What you are asked to do: Your copy should match the records below word for word and contain no pictures.

[Records from a data source]
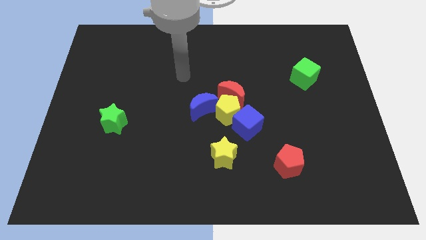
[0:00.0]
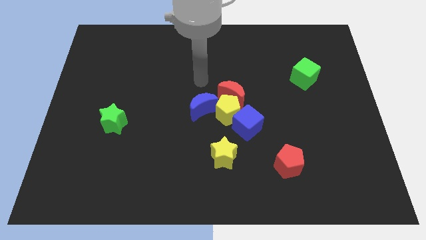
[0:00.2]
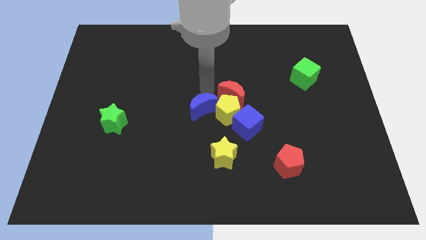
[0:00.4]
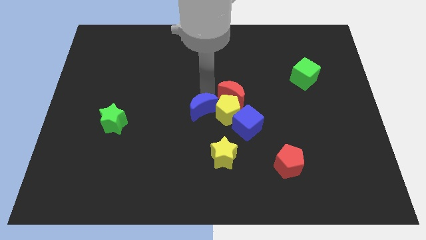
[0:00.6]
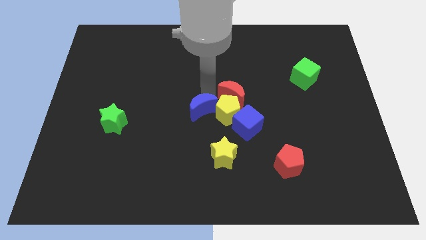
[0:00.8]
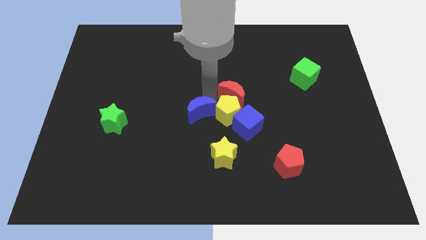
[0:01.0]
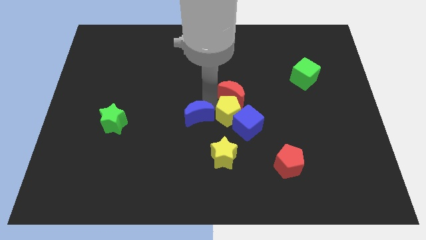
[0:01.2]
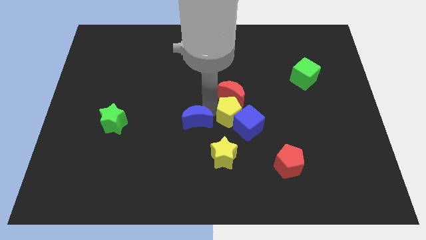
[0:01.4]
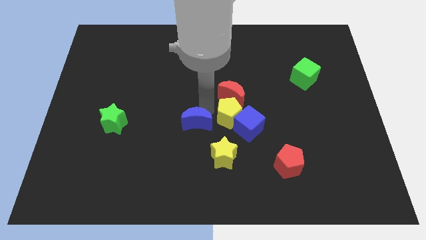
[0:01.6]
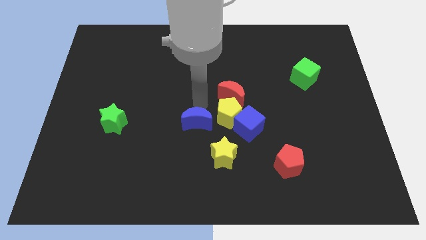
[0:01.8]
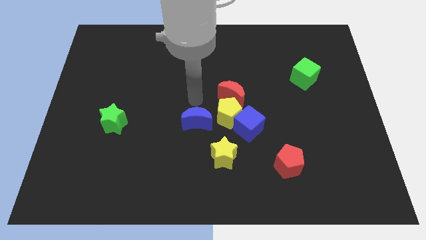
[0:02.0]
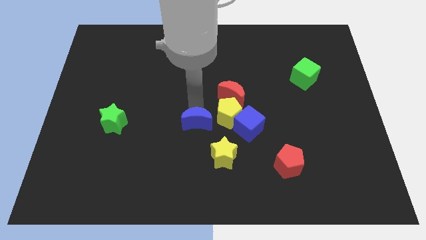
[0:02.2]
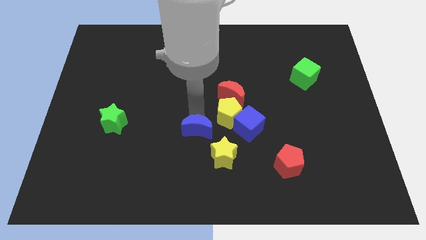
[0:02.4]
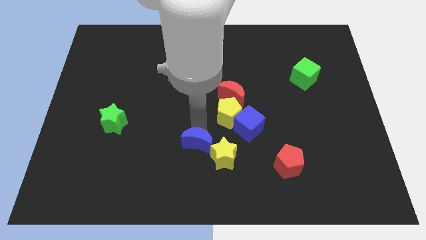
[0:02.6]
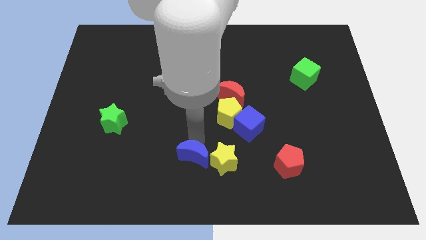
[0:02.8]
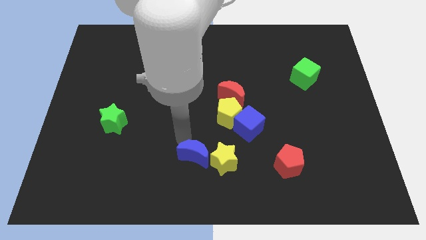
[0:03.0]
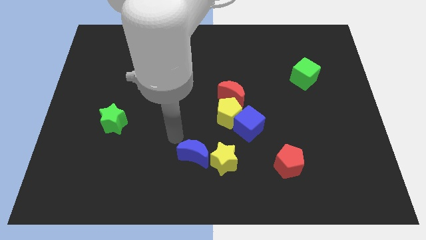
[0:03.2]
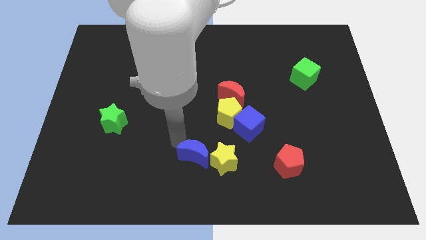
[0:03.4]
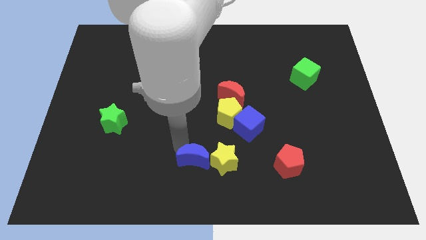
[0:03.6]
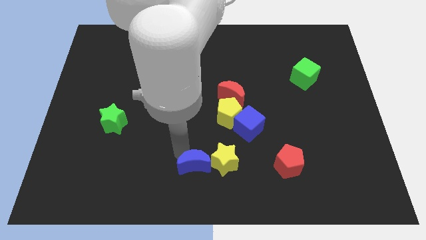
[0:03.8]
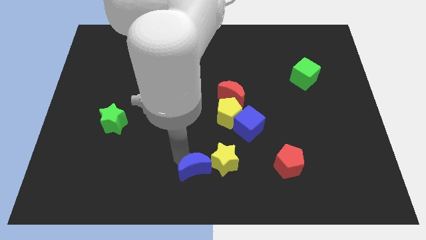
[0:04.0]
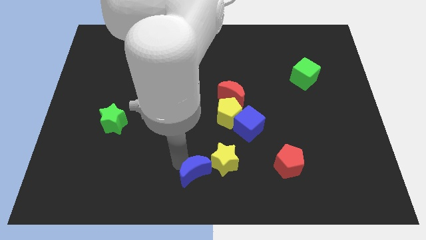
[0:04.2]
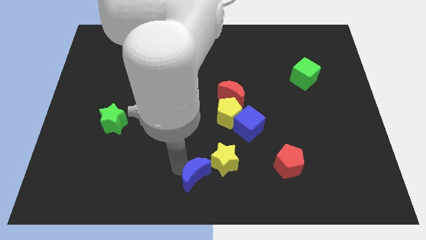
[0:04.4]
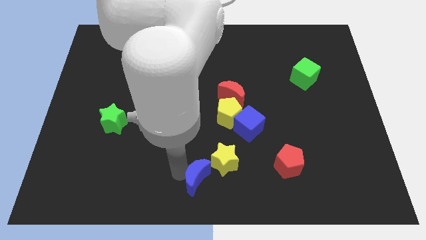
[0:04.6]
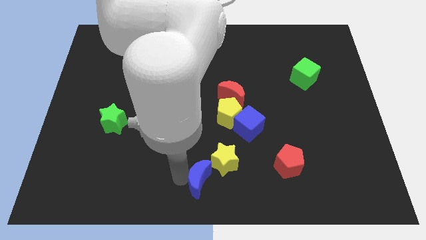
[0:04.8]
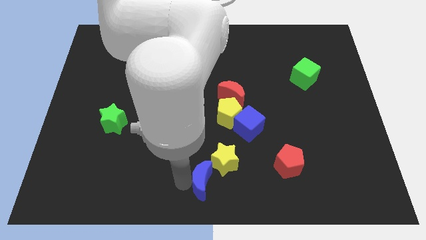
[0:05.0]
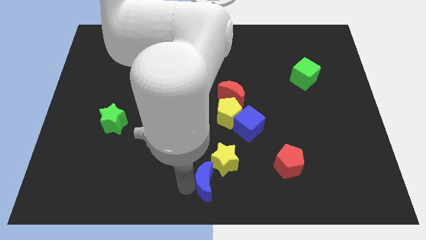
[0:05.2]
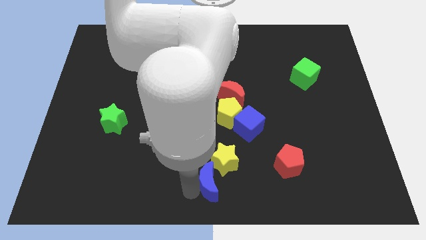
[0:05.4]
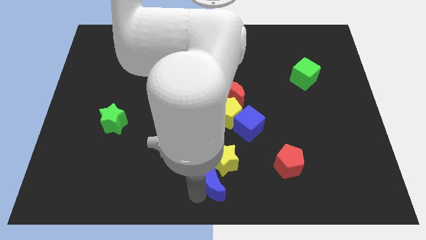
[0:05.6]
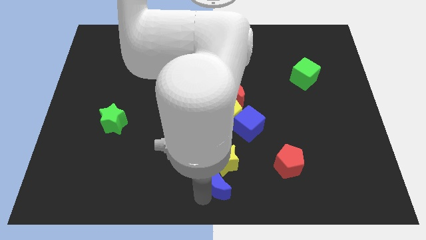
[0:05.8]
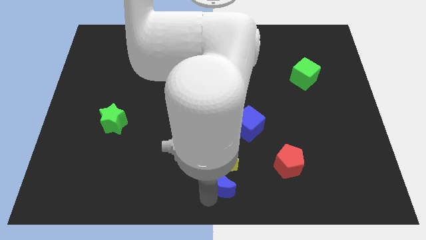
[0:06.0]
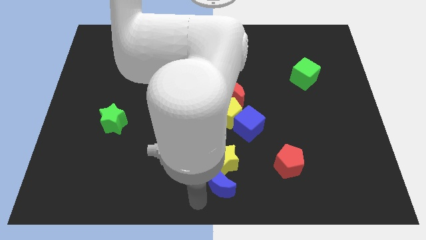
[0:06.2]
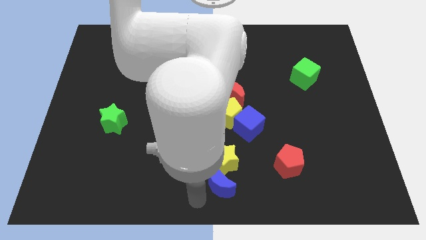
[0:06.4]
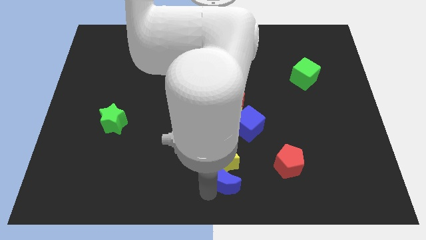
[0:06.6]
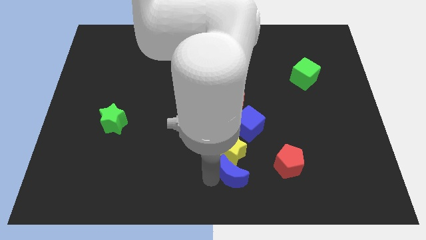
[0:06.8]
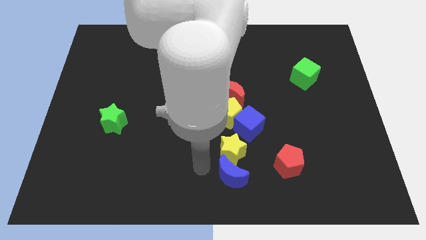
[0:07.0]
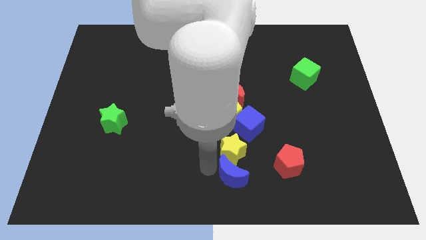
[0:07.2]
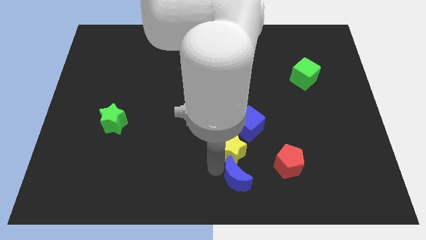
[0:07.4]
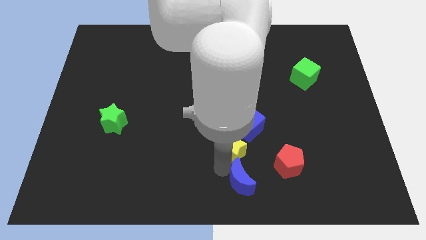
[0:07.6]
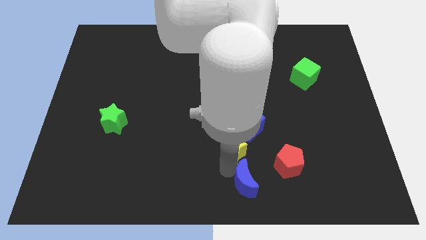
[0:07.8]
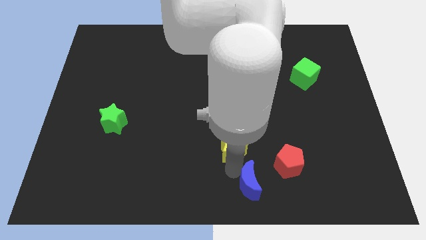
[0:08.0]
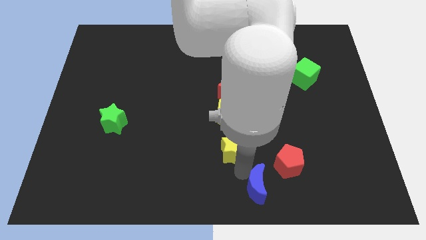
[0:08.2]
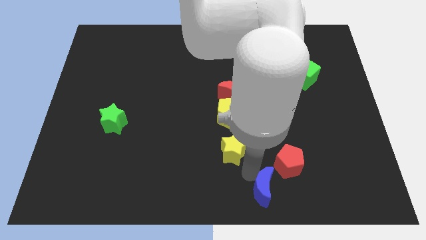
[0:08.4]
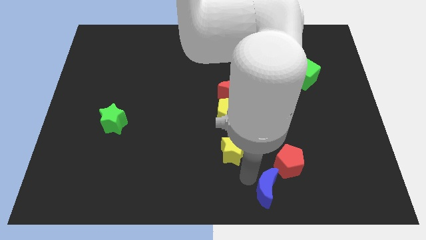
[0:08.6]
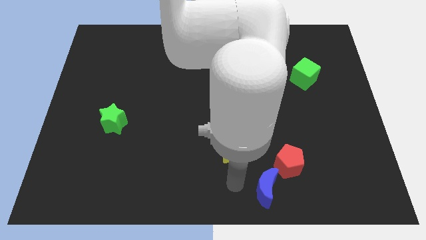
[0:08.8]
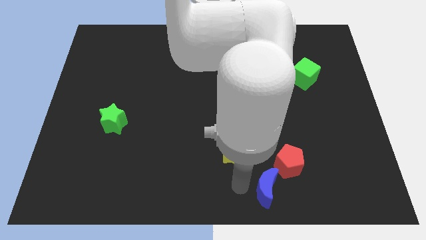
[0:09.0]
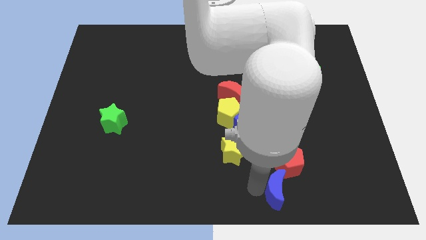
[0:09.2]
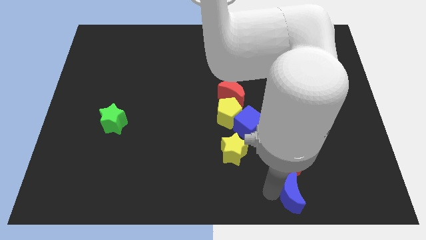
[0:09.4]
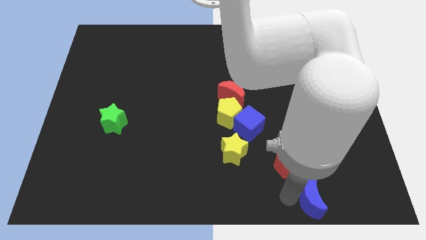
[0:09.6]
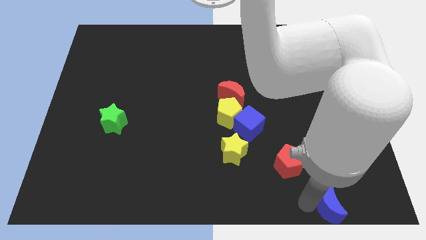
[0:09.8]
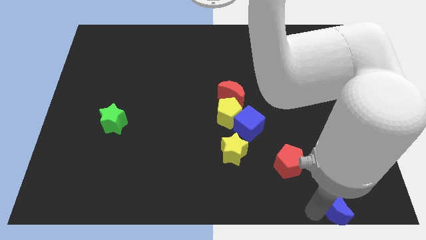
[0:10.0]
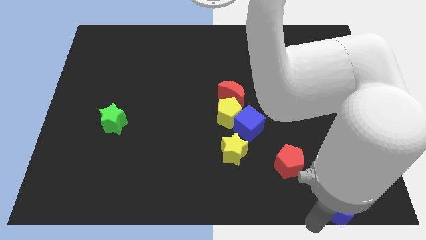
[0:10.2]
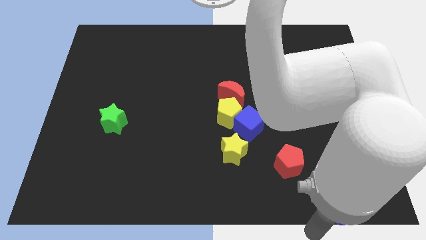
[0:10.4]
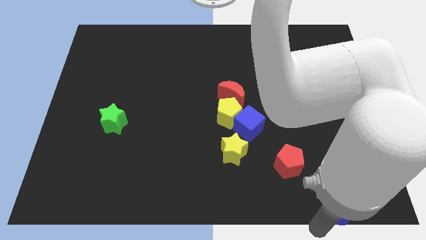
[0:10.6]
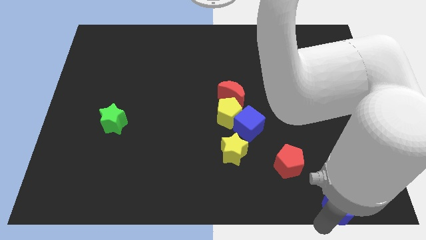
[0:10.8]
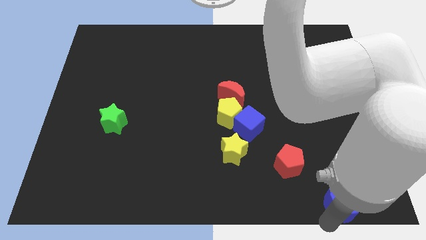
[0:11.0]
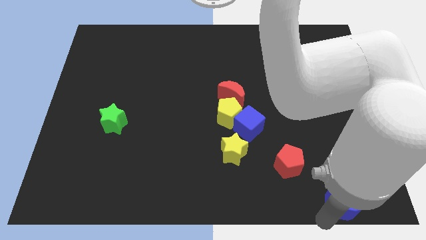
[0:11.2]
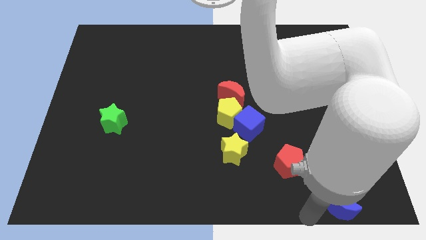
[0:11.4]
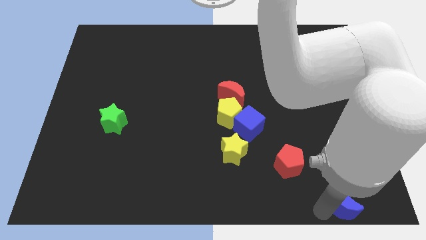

Answer for the task:
[0:00.0]
[0:00.2]
[0:00.4]
[0:00.6]
[0:00.8]
[0:01.0]
[0:01.2]
[0:01.4]
[0:01.6]
[0:01.8]
[0:02.0]
[0:02.2]
[0:02.4]
[0:02.6]
[0:02.8]
[0:03.0]
[0:03.2]
[0:03.4]
[0:03.6]
[0:03.8]
[0:04.0]
[0:04.2]
[0:04.4]
[0:04.6]
[0:04.8]
[0:05.0]
[0:05.2]
[0:05.4]
[0:05.6]
[0:05.8]
[0:06.0]
[0:06.2]
[0:06.4]
[0:06.6]
[0:06.8]
[0:07.0]
[0:07.2]
[0:07.4]
[0:07.6]
[0:07.8]
[0:08.0]
[0:08.2]
[0:08.4]
[0:08.6]
[0:08.8]
[0:09.0]
[0:09.2]
[0:09.4]
[0:09.6]
[0:09.8]
[0:10.0]
[0:10.2]
[0:10.4]
[0:10.6]
[0:10.8]
[0:11.0]
[0:11.2]
[0:11.4]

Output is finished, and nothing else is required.